Nils Silfverskiöld (1888-1957) won met het Zweedse turnteam goud op de Olympische Spelen van 1912 in Stockholm. Nadat hij in 1911 aan de University of Uppsala zijn studies Geneeskunde beëindigde specialiseerde hij zich in Orthopdische Chirurgie, waarin hij naambekendheid verwierf. Zo beschreef hij o.a. dat de kracht die nodig is voor de dorsiflexie van de enkel in een spastische equinus contractuur daalde met knieflexie in geïsoleerde gastrocnemius contractuur. Hij pleitte voor het losmaken van de oorsprong van de gastrocnemii van het dijbeen en ze terug aan te hechten aan het scheenbeen. De Silfverskiöld kniebuig-test is gekend om het onderscheid te maken tussen een geïsoleerde gastrocnemius contractuur en een gecombineerde verkorting van het gastrocnemius-soleus complex in een niet-spastische contractuur door de reeks van enkeldorsiflexie te meten met gebogen en met rechte knie. In 1925 werd hij tot Hoogleraar benoemd, in 1927 werd hij chef-arts in het Sabbatsbergs ziekenhuis en in 1940 aan het Karolinska Ziekenhuis. Hij leidde ook een aristocratisch en liederlijk leven, zo was hij o.a. vier keer getrouwd.
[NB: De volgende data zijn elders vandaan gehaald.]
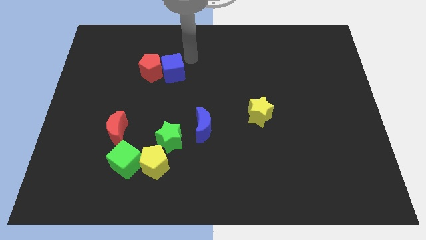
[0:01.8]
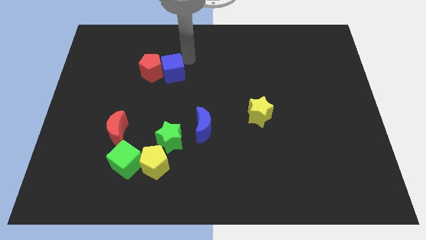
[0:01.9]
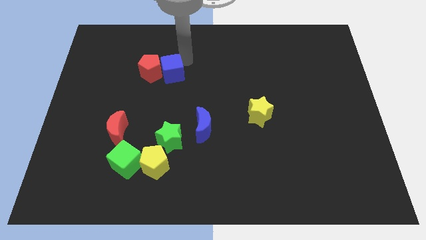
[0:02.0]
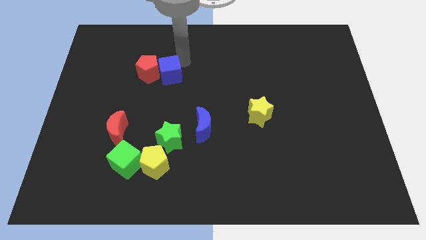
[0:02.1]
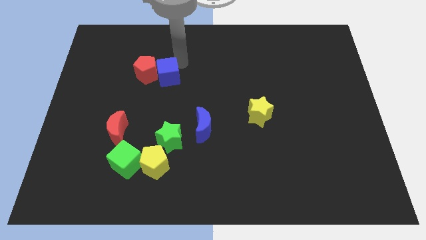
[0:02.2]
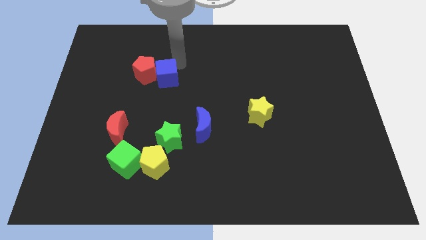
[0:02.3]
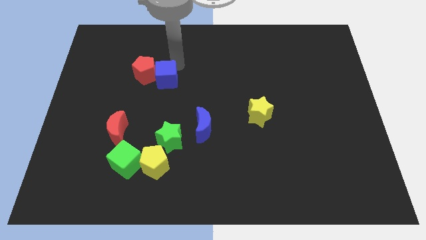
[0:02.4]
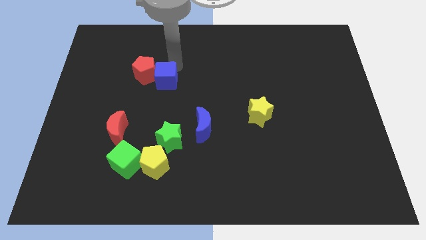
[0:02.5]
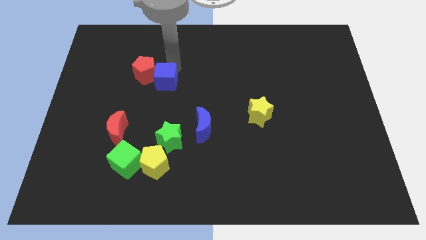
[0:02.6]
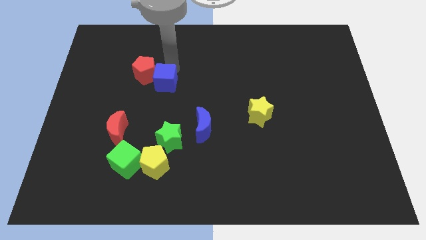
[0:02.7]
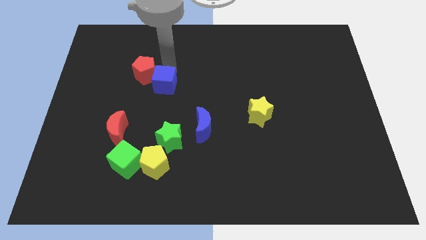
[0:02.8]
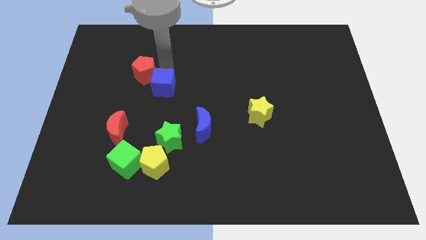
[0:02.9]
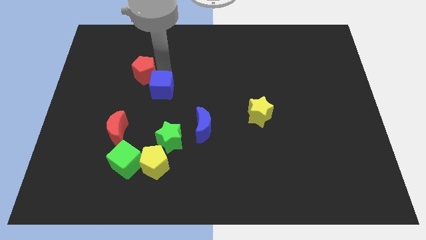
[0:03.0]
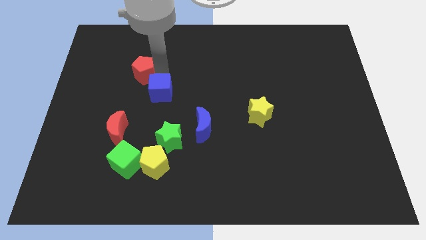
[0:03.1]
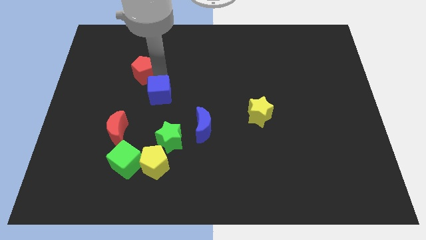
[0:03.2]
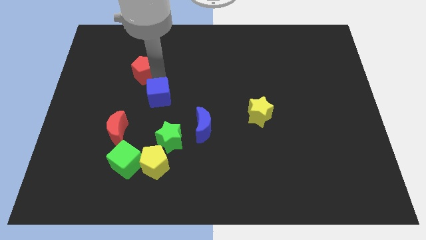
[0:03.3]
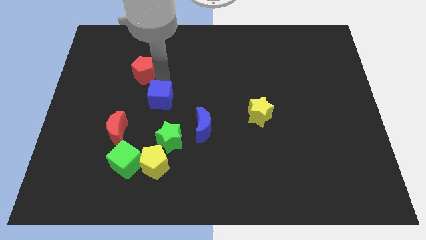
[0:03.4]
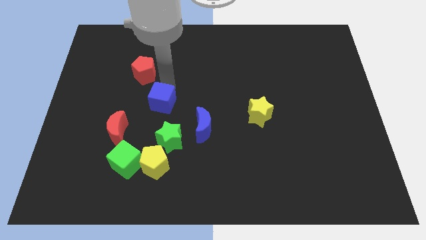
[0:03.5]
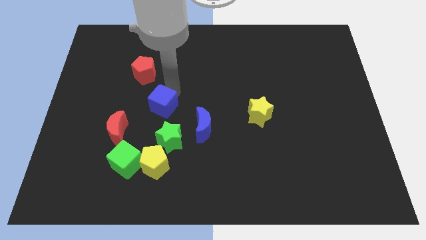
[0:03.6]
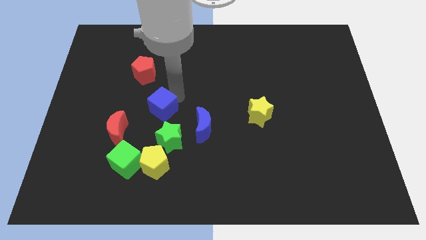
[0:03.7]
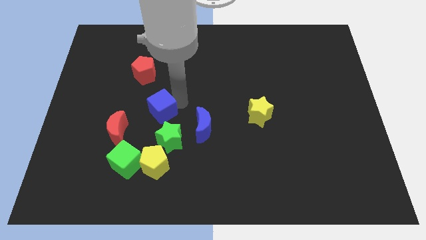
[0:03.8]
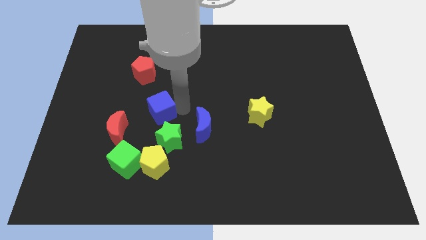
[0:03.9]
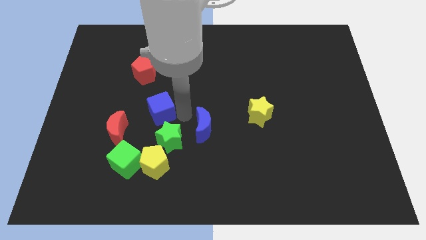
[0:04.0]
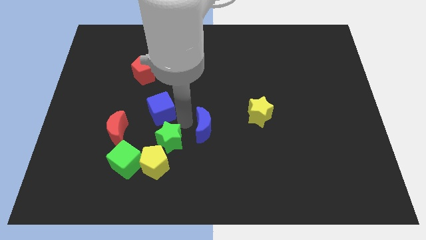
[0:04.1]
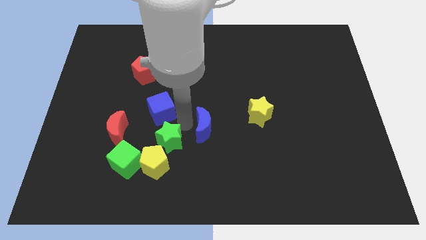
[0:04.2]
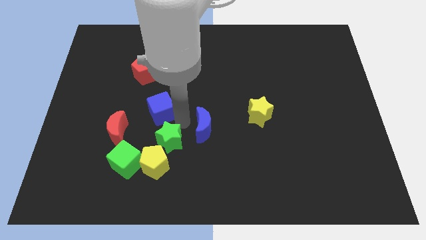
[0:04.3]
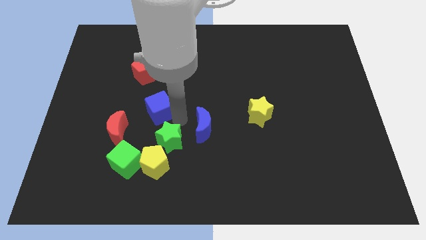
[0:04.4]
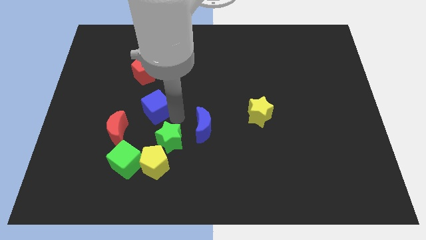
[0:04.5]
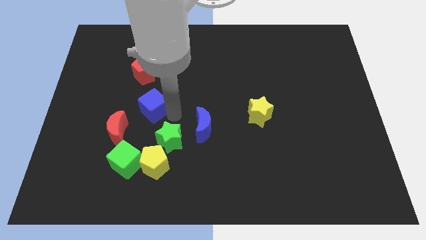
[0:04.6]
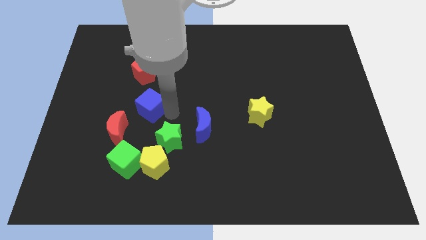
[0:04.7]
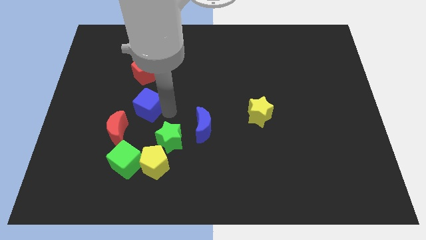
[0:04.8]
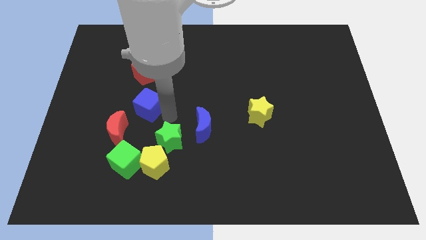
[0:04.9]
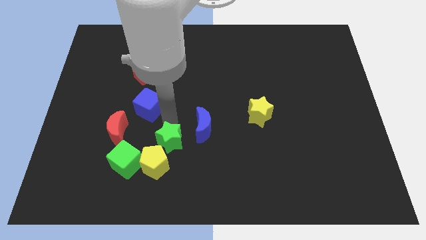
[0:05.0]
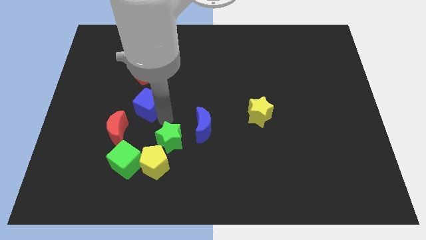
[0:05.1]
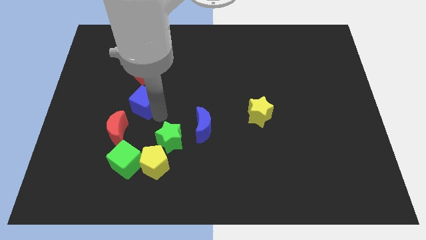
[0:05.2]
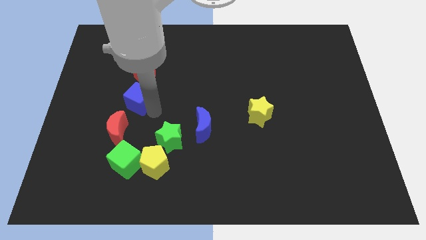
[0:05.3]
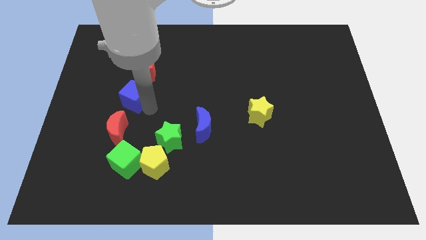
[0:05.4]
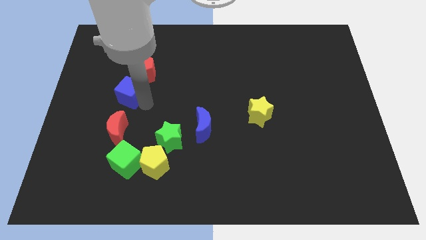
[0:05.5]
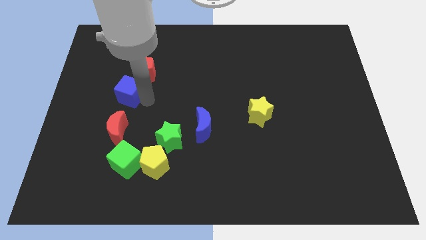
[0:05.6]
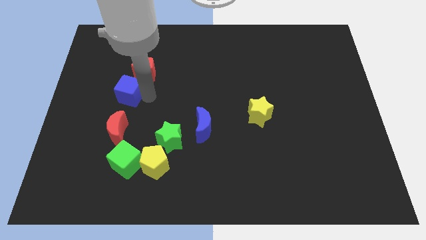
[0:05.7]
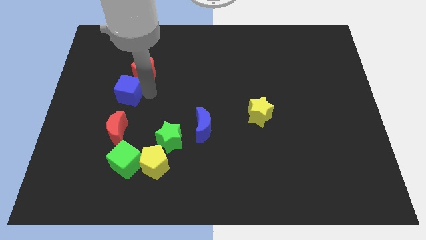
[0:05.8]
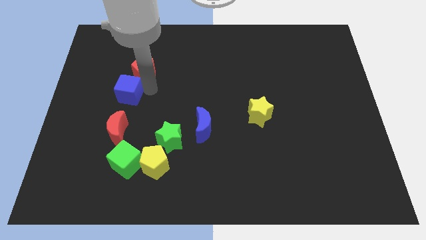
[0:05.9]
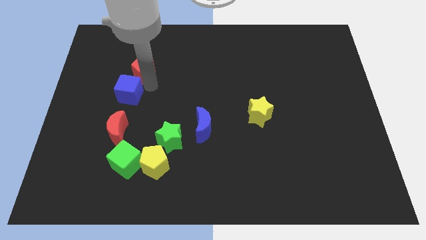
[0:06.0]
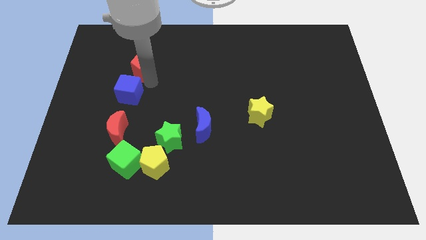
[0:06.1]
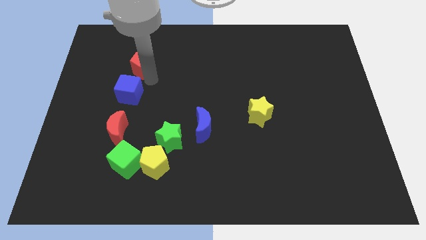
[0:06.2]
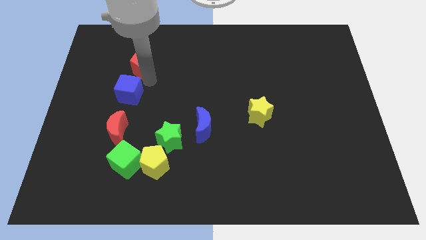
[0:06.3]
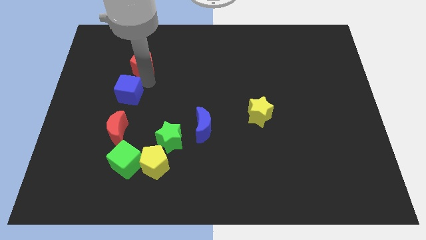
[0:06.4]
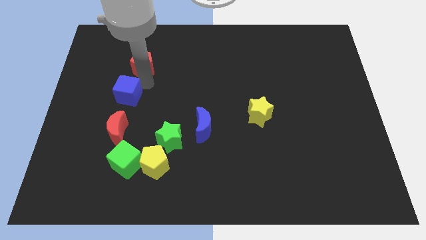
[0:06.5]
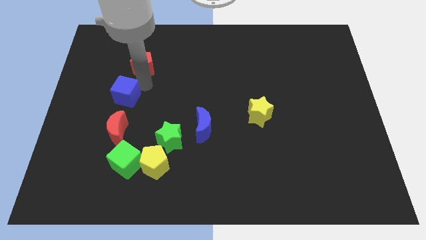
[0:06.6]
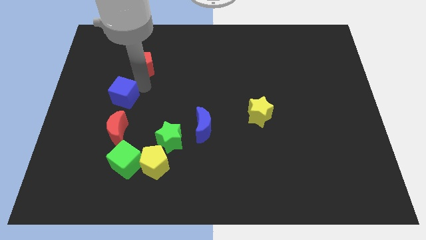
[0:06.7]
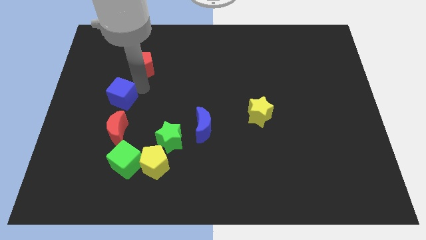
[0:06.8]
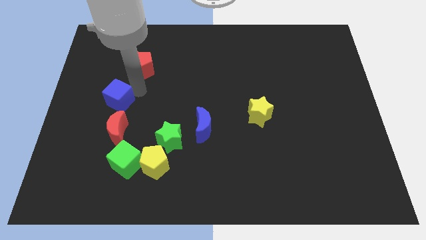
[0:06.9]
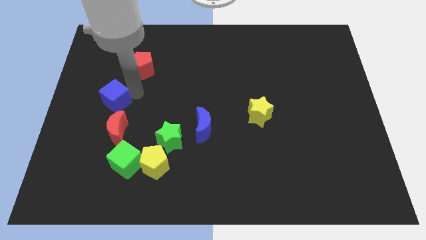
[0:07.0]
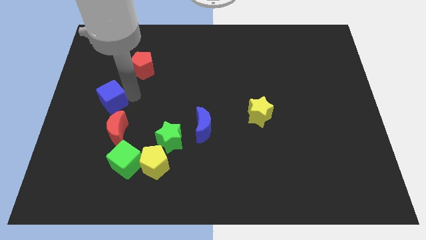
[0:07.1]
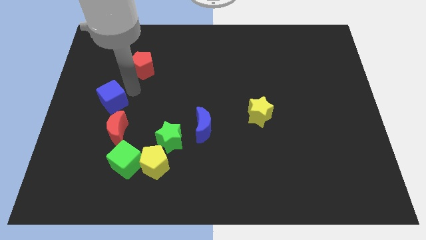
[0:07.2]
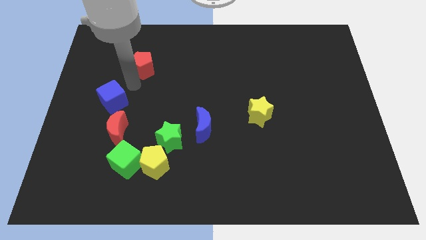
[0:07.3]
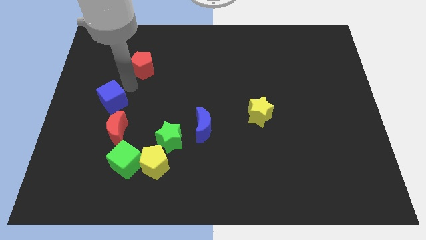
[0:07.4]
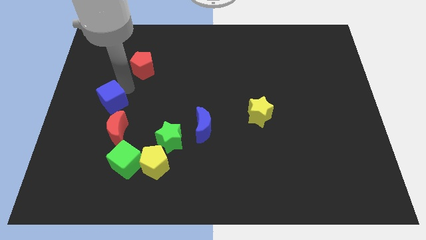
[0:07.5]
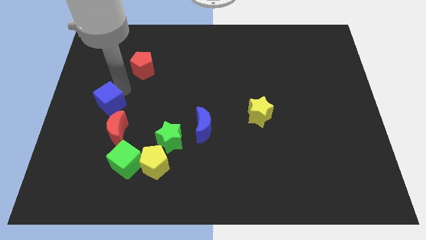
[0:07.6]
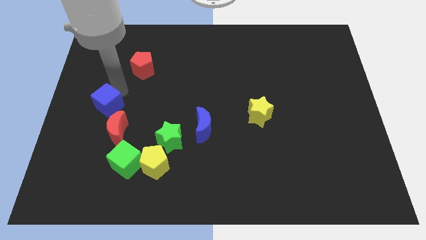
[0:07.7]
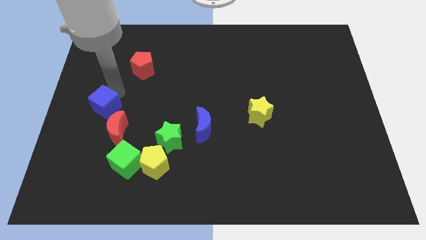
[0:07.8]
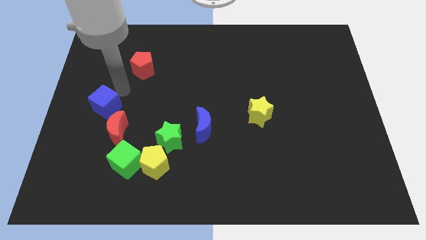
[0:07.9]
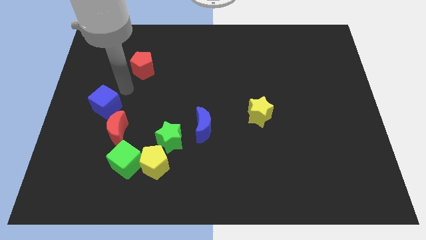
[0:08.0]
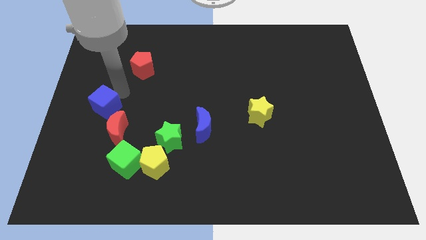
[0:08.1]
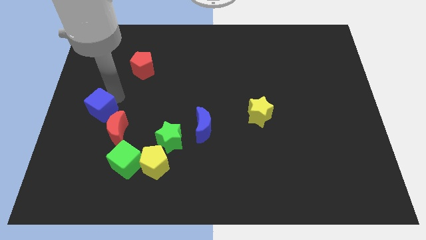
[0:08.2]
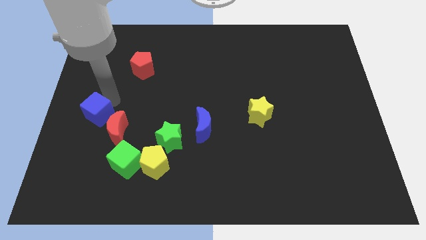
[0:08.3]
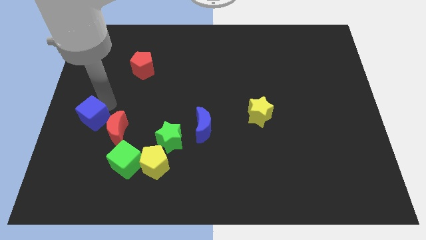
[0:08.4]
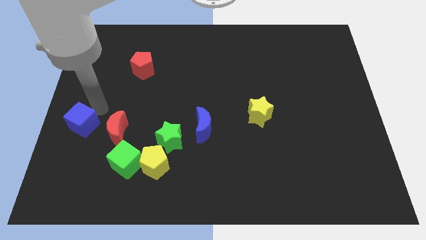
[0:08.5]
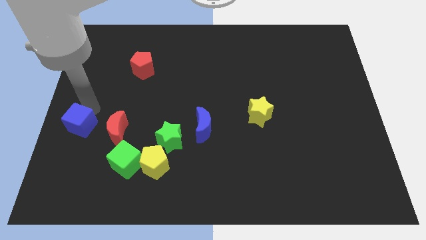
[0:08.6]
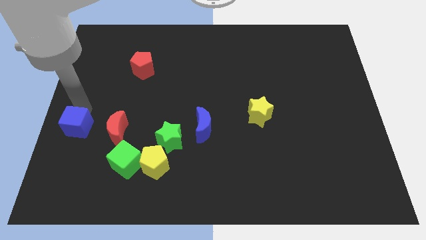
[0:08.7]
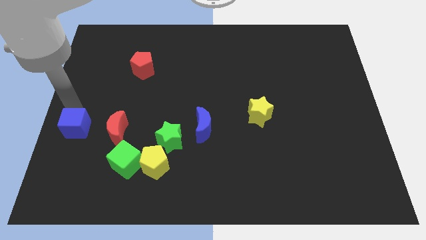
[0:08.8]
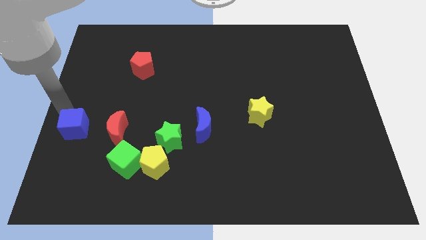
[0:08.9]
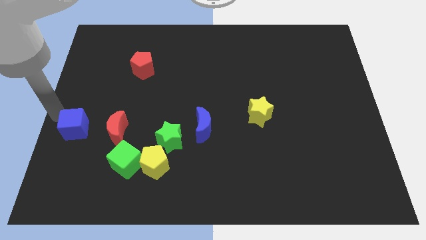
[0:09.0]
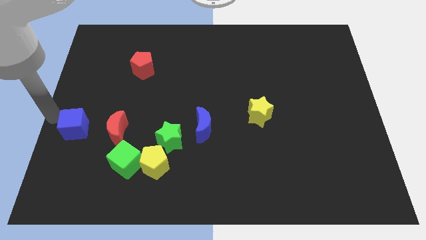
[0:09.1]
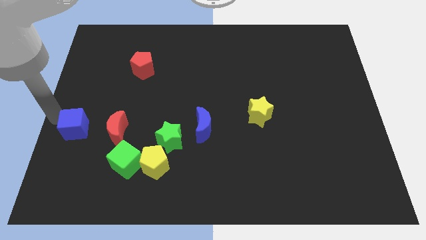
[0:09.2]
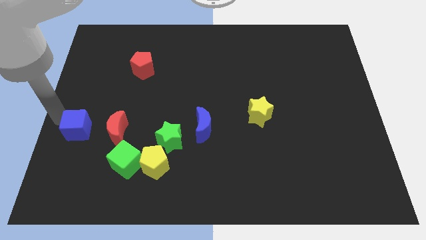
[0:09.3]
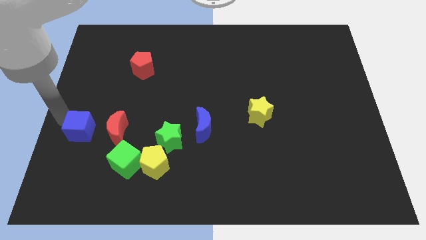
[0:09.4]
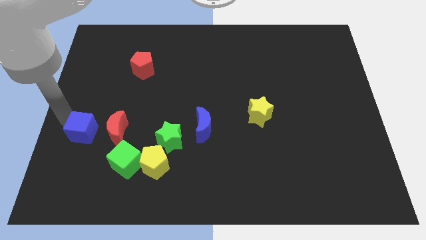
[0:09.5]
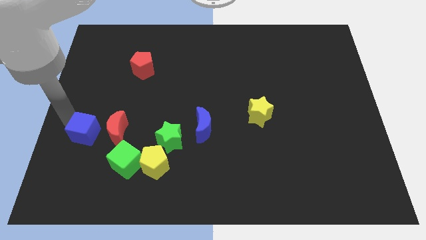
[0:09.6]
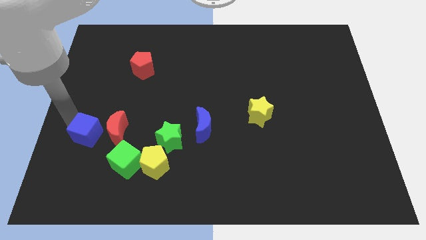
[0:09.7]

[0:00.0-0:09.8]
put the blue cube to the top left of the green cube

De Brit Charles Atkin (1889-1958) won met zijn nationaal hockeyteam het Olympisch tornooi op de Spelen van 1920 in Antwerpen. Bovendien was hij ook een begaafd tennisser, visser en schutter. Hij studeerde af aan het Londense St. Bartholomew’s Hospital. Tijdens Wereldoorlog I was hij Kapitein-geneesheer bij het Royal Army Medical Corps, waarna hij zich in Sheffield als huisarts vestigde in de praktijk van zijn vader, grootvader en overgrootvader.
Als vijftienjarige was de Amerikaan Henry Richardson (1889-1963) de jongste deelnemer op de Olympische Spelen van 1904 in St Louis. Met de nationale ploeg haalde hij de derde plaats in het boogschieten. Vier jaar later op de Spelen van Londen won hij opnieuw brons. Hij studeerde af aan de Harvard Medical School en werd staflid Interne Geneeskunde aan de Cornell University Medical School. In 1945 specialiseerde hij zich aan de Columbia University in psychiatrie, waarna hij als psychiater aan Columbia College en het Medical College van de New York University verbonden was.